[Dataset records]

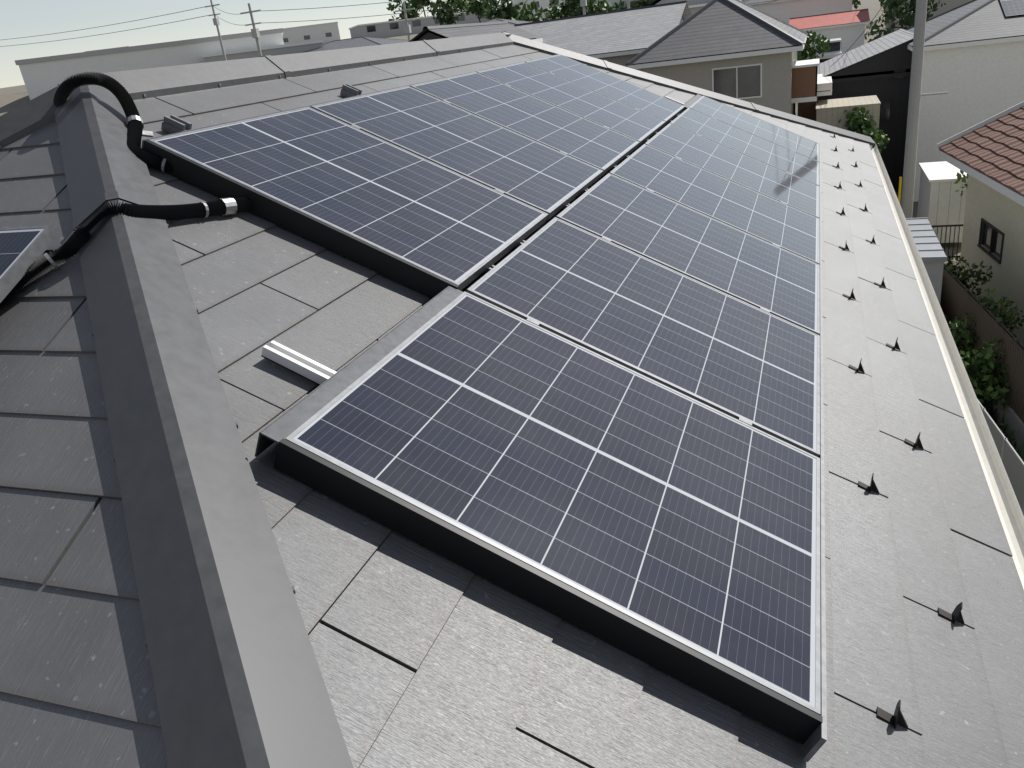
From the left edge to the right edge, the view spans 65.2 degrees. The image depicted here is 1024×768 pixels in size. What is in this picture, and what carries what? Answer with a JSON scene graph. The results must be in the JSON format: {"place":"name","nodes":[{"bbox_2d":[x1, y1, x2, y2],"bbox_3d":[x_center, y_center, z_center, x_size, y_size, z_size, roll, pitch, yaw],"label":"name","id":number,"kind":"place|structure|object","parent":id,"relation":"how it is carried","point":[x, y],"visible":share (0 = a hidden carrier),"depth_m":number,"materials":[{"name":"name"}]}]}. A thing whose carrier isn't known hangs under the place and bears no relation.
{"place":"outdoors","nodes":[
{"label":"outdoors","id":0,"kind":"place"},
{"bbox_2d":[0,0,510,87],"label":"sky","id":1,"kind":"structure","parent":0,"point":[19,19],"materials":[{"name":"white"}]},
{"bbox_2d":[409,21,542,42],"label":"house roof","id":2,"kind":"structure","parent":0,"point":[444,31],"depth_m":24.75,"materials":[{"name":"white"}]},
{"bbox_2d":[0,0,961,271],"bbox_3d":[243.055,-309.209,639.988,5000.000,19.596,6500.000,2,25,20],"label":"ground","id":3,"kind":"structure","parent":0,"point":[14,98],"depth_m":98.01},
{"bbox_2d":[14,28,283,99],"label":"white block","id":4,"kind":"structure","parent":3,"relation":"on","point":[41,75],"depth_m":95.12,"materials":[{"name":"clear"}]},
{"bbox_2d":[202,40,323,61],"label":"building","id":5,"kind":"structure","parent":3,"relation":"on","point":[294,48],"depth_m":96.89,"materials":[{"name":"white"}]},
{"bbox_2d":[283,22,340,43],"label":"block","id":6,"kind":"structure","parent":3,"relation":"on","point":[327,32],"depth_m":270.16,"materials":[{"name":"white"}]},
{"bbox_2d":[302,37,407,52],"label":"house roof","id":7,"kind":"structure","parent":3,"relation":"on","point":[353,42],"depth_m":97.11,"materials":[{"name":"white"}]},
{"bbox_2d":[386,0,427,20],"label":"hill tree","id":8,"kind":"object","parent":3,"relation":"on","point":[419,7],"visible":0.6,"depth_m":211.34,"materials":[{"name":"green plant"}]},
{"bbox_2d":[409,0,429,16],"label":"hill tree","id":9,"kind":"object","parent":3,"relation":"on","point":[424,3],"visible":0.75,"depth_m":211.79,"materials":[{"name":"green plant"}]},
{"bbox_2d":[348,12,492,37],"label":"block","id":10,"kind":"structure","parent":3,"relation":"on","point":[393,28],"depth_m":184.52,"materials":[{"name":"white"}]},
{"bbox_2d":[427,0,463,24],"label":"ridge tree","id":11,"kind":"object","parent":3,"relation":"on","point":[447,12],"visible":0.94,"depth_m":149.04,"materials":[{"name":"green plant"}]},
{"bbox_2d":[446,0,463,11],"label":"hill tree","id":12,"kind":"object","parent":3,"relation":"on","point":[451,2],"visible":0.26,"depth_m":212.71,"materials":[{"name":"green plant"}]},
{"bbox_2d":[452,0,473,12],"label":"hill tree","id":13,"kind":"object","parent":3,"relation":"on","point":[463,6],"visible":0.3,"depth_m":200.29,"materials":[{"name":"green plant"}]},
{"bbox_2d":[464,0,492,22],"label":"ridge tree","id":14,"kind":"object","parent":3,"relation":"on","point":[476,9],"visible":0.67,"depth_m":153.38,"materials":[{"name":"green plant"}]},
{"bbox_2d":[480,0,519,19],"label":"ridge tree","id":15,"kind":"object","parent":3,"relation":"on","point":[502,11],"visible":0.75,"depth_m":142.94,"materials":[{"name":"green plant"}]},
{"bbox_2d":[483,18,528,25],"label":"house roof","id":16,"kind":"structure","parent":3,"relation":"on","point":[512,22],"depth_m":98.44,"materials":[{"name":"white"}]},
{"bbox_2d":[493,2,526,19],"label":"ridge tree","id":17,"kind":"object","parent":3,"relation":"on","point":[520,3],"visible":0.02,"depth_m":151.11,"materials":[{"name":"green plant"}]},
{"bbox_2d":[512,1,548,21],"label":"ridge tree","id":18,"kind":"object","parent":3,"relation":"on","point":[527,15],"visible":0.4,"depth_m":136.53,"materials":[{"name":"green plant"}]},
{"bbox_2d":[512,0,572,19],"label":"block","id":19,"kind":"structure","parent":3,"relation":"on","point":[544,4],"depth_m":182.95,"materials":[{"name":"white"}]},
{"bbox_2d":[544,0,568,18],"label":"ridge tree","id":20,"kind":"object","parent":3,"relation":"on","point":[550,10],"visible":0.17,"depth_m":141.02,"materials":[{"name":"green plant"}]},
{"bbox_2d":[552,0,588,18],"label":"ridge tree","id":21,"kind":"object","parent":3,"relation":"on","point":[570,8],"visible":0.73,"depth_m":133.66,"materials":[{"name":"green plant"}]},
{"bbox_2d":[204,0,947,217],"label":"poles","id":22,"kind":"object","parent":3,"relation":"on","point":[906,198],"visible":0.55,"depth_m":22.43,"materials":[{"name":"concrete"}]},
{"bbox_2d":[0,0,886,66],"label":"wires","id":23,"kind":"object","parent":22,"relation":"hanging from","point":[315,20],"visible":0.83,"depth_m":65.66,"materials":[{"name":"black"}]},
{"bbox_2d":[582,0,615,13],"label":"ridge tree","id":24,"kind":"object","parent":3,"relation":"on","point":[603,6],"visible":0.27,"depth_m":134.85,"materials":[{"name":"green plant"}]},
{"bbox_2d":[564,0,642,13],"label":"block","id":25,"kind":"structure","parent":3,"relation":"on","point":[611,2],"depth_m":141.59,"materials":[{"name":"white"}]},
{"bbox_2d":[609,0,638,9],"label":"ridge tree","id":26,"kind":"object","parent":3,"relation":"on","point":[621,3],"visible":0.11,"depth_m":140.63,"materials":[{"name":"green plant"}]},
{"bbox_2d":[632,0,652,7],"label":"ridge tree","id":27,"kind":"object","parent":3,"relation":"on","point":[644,2],"visible":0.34,"depth_m":139.65,"materials":[{"name":"green plant"}]},
{"bbox_2d":[647,0,710,13],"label":"house","id":28,"kind":"structure","parent":3,"relation":"on","point":[694,6],"depth_m":52.88,"materials":[{"name":"white"}]},
{"bbox_2d":[746,0,851,23],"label":"house","id":29,"kind":"structure","parent":3,"relation":"on","point":[785,10],"depth_m":64.70,"materials":[{"name":"white"}]},
{"bbox_2d":[797,30,830,60],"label":"tree","id":30,"kind":"object","parent":3,"relation":"on","point":[808,52],"visible":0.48,"depth_m":49.50,"materials":[{"name":"green plant"}]},
{"bbox_2d":[798,74,831,120],"bbox_3d":[11.591,-9.510,31.386,1.600,4.580,4.400,2,25,20],"label":"brown annex","id":31,"kind":"object","parent":3,"relation":"on","point":[806,110],"visible":0.27,"depth_m":29.30,"materials":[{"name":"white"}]},
{"bbox_2d":[815,38,841,63],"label":"van","id":32,"kind":"object","parent":3,"relation":"on","point":[835,48],"visible":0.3,"depth_m":51.87,"materials":[{"name":"white metal"}]},
{"bbox_2d":[789,9,869,58],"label":"house","id":33,"kind":"structure","parent":3,"relation":"on","point":[847,28],"depth_m":57.00,"materials":[{"name":"white"}]},
{"bbox_2d":[816,95,880,132],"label":"beige store","id":34,"kind":"structure","parent":3,"relation":"on","point":[831,112],"depth_m":27.49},
{"bbox_2d":[852,0,860,8],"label":"tree","id":35,"kind":"object","parent":3,"relation":"on","point":[856,5],"visible":0.12,"depth_m":68.78,"materials":[{"name":"green plant"}]},
{"bbox_2d":[839,107,889,153],"bbox_3d":[11.912,-7.458,27.403,1.690,3.894,1.851,-12,23,-10],"label":"bush","id":36,"kind":"object","parent":3,"relation":"on","point":[878,137],"visible":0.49,"depth_m":26.80,"materials":[{"name":"green plant"}]},
{"bbox_2d":[864,0,945,42],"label":"tree","id":37,"kind":"object","parent":3,"relation":"on","point":[900,12],"visible":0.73,"depth_m":48.22,"materials":[{"name":"green plant"}]},
{"bbox_2d":[906,217,946,303],"bbox_3d":[8.965,-2.097,17.688,0.560,2.405,3.420,2,25,20],"label":"lean to","id":38,"kind":"object","parent":3,"relation":"on","point":[931,252],"visible":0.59,"depth_m":16.25,"materials":[{"name":"grey metal"}]},
{"bbox_2d":[885,0,971,31],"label":"house","id":39,"kind":"structure","parent":3,"relation":"on","point":[950,5],"depth_m":55.05,"materials":[{"name":"white"}]},
{"bbox_2d":[917,161,967,242],"bbox_3d":[13.497,-5.708,24.954,1.300,1.920,2.920,2,25,20],"label":"storage shed","id":40,"kind":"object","parent":3,"relation":"on","point":[941,201],"visible":0.61,"depth_m":23.90,"materials":[{"name":"white"}]},
{"bbox_2d":[931,224,963,257],"bbox_3d":[12.408,-4.037,22.630,1.400,0.950,0.040,2,25,20],"label":"railing","id":41,"kind":"object","parent":3,"relation":"on","point":[950,226],"visible":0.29,"depth_m":22.58,"materials":[{"name":"black metal"}]},
{"bbox_2d":[942,310,952,334],"bbox_3d":[9.206,-1.012,16.777,1.458,1.090,1.451,2,25,20],"label":"shrub","id":42,"kind":"object","parent":3,"relation":"on","point":[945,315],"visible":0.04,"depth_m":16.71,"materials":[{"name":"green plant"}]},
{"bbox_2d":[905,0,1023,201],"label":"white house","id":43,"kind":"structure","parent":3,"relation":"on","point":[973,61],"depth_m":27.86,"materials":[{"name":"white paint"}]},
{"bbox_2d":[950,323,979,386],"bbox_3d":[8.481,-0.516,15.483,1.530,1.370,1.679,-18,25,-23],"label":"shrub","id":44,"kind":"object","parent":3,"relation":"on","point":[957,326],"visible":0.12,"depth_m":15.22,"materials":[{"name":"green plant"}]},
{"bbox_2d":[960,345,996,417],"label":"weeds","id":45,"kind":"object","parent":3,"relation":"on","point":[985,405],"visible":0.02,"depth_m":14.23,"materials":[{"name":"green plant"}]},
{"bbox_2d":[940,264,1023,461],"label":"wall","id":46,"kind":"structure","parent":3,"relation":"on","point":[958,299],"depth_m":14.04,"materials":[{"name":"concrete"}]},
{"bbox_2d":[942,255,992,302],"bbox_3d":[9.567,-2.076,17.359,1.496,1.484,1.280,2,25,20],"label":"bush","id":47,"kind":"object","parent":46,"relation":"attached to","point":[964,274],"visible":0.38,"depth_m":17.10,"materials":[{"name":"green plant"}]},
{"bbox_2d":[949,287,1023,356],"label":"bush","id":48,"kind":"object","parent":46,"relation":"attached to","point":[1009,317],"visible":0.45,"depth_m":15.07,"materials":[{"name":"green plant"}]},
{"bbox_2d":[960,339,1009,411],"bbox_3d":[8.404,-0.026,14.050,1.364,1.620,1.578,2,25,20],"label":"shrub","id":49,"kind":"object","parent":3,"relation":"on","point":[986,365],"visible":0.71,"depth_m":13.78,"materials":[{"name":"green plant"}]},
{"bbox_2d":[973,388,1023,460],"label":"weeds","id":50,"kind":"object","parent":3,"relation":"on","point":[1021,455],"depth_m":13.40,"materials":[{"name":"green plant"}]},
{"bbox_2d":[977,399,1023,514],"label":"wall","id":51,"kind":"structure","parent":3,"relation":"on","point":[1012,462],"depth_m":11.47,"materials":[{"name":"concrete"}]},
{"bbox_2d":[994,421,1014,442],"bbox_3d":[7.573,0.841,13.236,1.308,0.869,1.170,2,25,20],"label":"shrub","id":52,"kind":"object","parent":3,"relation":"on","point":[1010,434],"visible":0.03,"depth_m":12.92,"materials":[{"name":"green plant"}]},
{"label":"house","id":53,"kind":"structure","parent":3,"relation":"on"},
{"bbox_2d":[869,145,1023,588],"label":"gutter","id":54,"kind":"object","parent":53,"relation":"on","point":[1010,513],"visible":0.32,"depth_m":3.32,"materials":[{"name":"beige metal"}]},
{"bbox_3d":[-0.728,-1.307,5.240,6.189,1.567,10.809,2,25,20],"label":"roof","id":55,"kind":"object","parent":53,"relation":"on","visible":0},
{"bbox_2d":[0,121,168,767],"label":"hip end tiles","id":56,"kind":"object","parent":55,"relation":"on","point":[77,688],"visible":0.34,"depth_m":1.51,"materials":[{"name":"stone"}]},
{"bbox_2d":[0,197,252,308],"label":"hose","id":57,"kind":"object","parent":56,"relation":"on","point":[76,240],"visible":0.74,"depth_m":2.18,"materials":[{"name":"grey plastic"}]},
{"bbox_2d":[43,158,208,268],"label":"conduit fittings","id":58,"kind":"object","parent":57,"relation":"on","point":[51,261],"visible":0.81,"depth_m":2.40,"materials":[{"name":"grey metal"}]},
{"bbox_2d":[0,44,863,647],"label":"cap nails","id":59,"kind":"object","parent":55,"relation":"on","point":[198,312],"visible":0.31,"depth_m":1.99,"materials":[{"name":"metal"}]},
{"bbox_2d":[87,123,787,641],"bbox_3d":[-0.729,-1.315,5.237,6.189,1.547,10.809,2,25,20],"label":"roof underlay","id":60,"kind":"object","parent":55,"relation":"on","point":[321,623],"depth_m":1.37,"materials":[{"name":"black"}]},
{"bbox_2d":[133,44,1023,767],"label":"tiles","id":61,"kind":"object","parent":60,"relation":"on","point":[441,662],"visible":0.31,"depth_m":1.85,"materials":[{"name":"stone"}]},
{"bbox_2d":[53,71,172,171],"bbox_3d":[-1.469,-0.889,2.897,1.418,0.454,0.260,11,29,37],"label":"hose","id":62,"kind":"object","parent":61,"relation":"on","point":[67,87],"visible":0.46,"depth_m":2.78,"materials":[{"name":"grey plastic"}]},
{"bbox_2d":[126,115,236,215],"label":"hose fittings","id":63,"kind":"object","parent":61,"relation":"on","point":[231,205],"visible":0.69,"depth_m":2.48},
{"bbox_2d":[0,54,820,714],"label":"solar panels","id":64,"kind":"object","parent":61,"relation":"on","point":[594,436],"visible":0.98,"depth_m":2.50,"materials":[{"name":"blue glass"}]},
{"bbox_2d":[142,54,826,761],"bbox_3d":[0.556,-1.272,4.512,2.252,1.151,6.850,2,25,20],"label":"solar panel racking","id":65,"kind":"object","parent":61,"relation":"on","point":[700,672],"visible":0.21,"depth_m":1.58,"materials":[{"name":"metal"}]},
{"bbox_2d":[831,132,964,729],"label":"snow guards","id":66,"kind":"object","parent":61,"relation":"on","point":[898,716],"visible":1,"depth_m":2.33,"materials":[{"name":"black metal"}]},
{"bbox_2d":[0,31,875,767],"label":"ridge caps","id":67,"kind":"object","parent":55,"relation":"on","point":[238,679],"visible":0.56,"depth_m":1.54,"materials":[{"name":"grey metal"}]},
{"bbox_2d":[514,1,691,70],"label":"roof","id":68,"kind":"structure","parent":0,"point":[622,37],"depth_m":34.59,"materials":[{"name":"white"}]},
{"bbox_2d":[626,0,807,114],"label":"beige house","id":69,"kind":"structure","parent":0,"point":[740,50],"depth_m":26.62,"materials":[{"name":"white"}]},
{"bbox_2d":[791,59,818,102],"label":"balcony","id":70,"kind":"structure","parent":69,"relation":"attached to","point":[804,81],"depth_m":26.48,"materials":[{"name":"brown wood"}]},
{"bbox_2d":[818,29,913,191],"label":"black house","id":71,"kind":"structure","parent":0,"point":[880,68],"depth_m":30.72,"materials":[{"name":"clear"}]},
{"bbox_2d":[954,170,968,195],"bbox_3d":[13.437,-4.850,22.308,1.940,2.747,1.968,12,30,37],"label":"yard tree","id":72,"kind":"object","parent":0,"point":[960,177],"visible":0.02,"depth_m":22.14,"materials":[{"name":"green plant"}]},
{"bbox_2d":[937,101,1023,344],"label":"cream house","id":73,"kind":"structure","parent":0,"point":[993,231],"depth_m":18.70,"materials":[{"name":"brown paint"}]},
{"bbox_2d":[938,106,1023,195],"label":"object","id":74,"kind":"object","parent":73,"relation":"on","point":[993,150],"visible":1,"depth_m":18.51,"materials":[{"name":"red tile"}]},
{"bbox_2d":[1000,0,1023,15],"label":"solar panel","id":75,"kind":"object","parent":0,"point":[1012,7],"visible":1,"depth_m":27.99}
]}

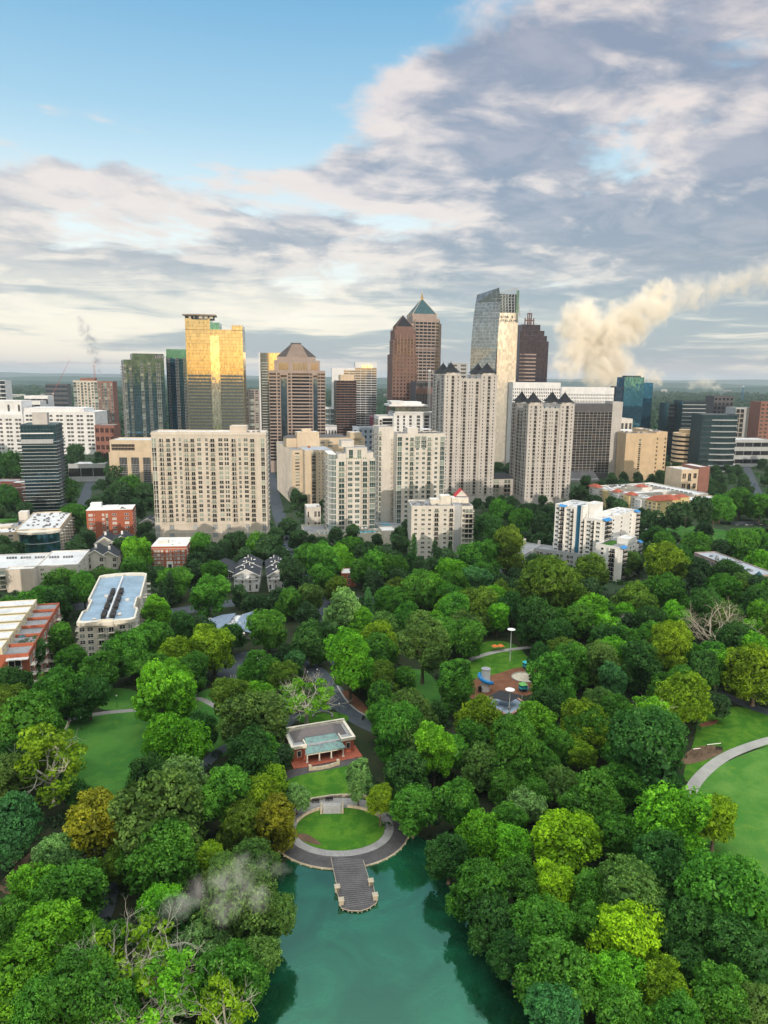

■ **Your instructions**: Each line that contains the string "solar" counts once; report how many such lines the entries have, giving only the number.

■ **Answer space**: 3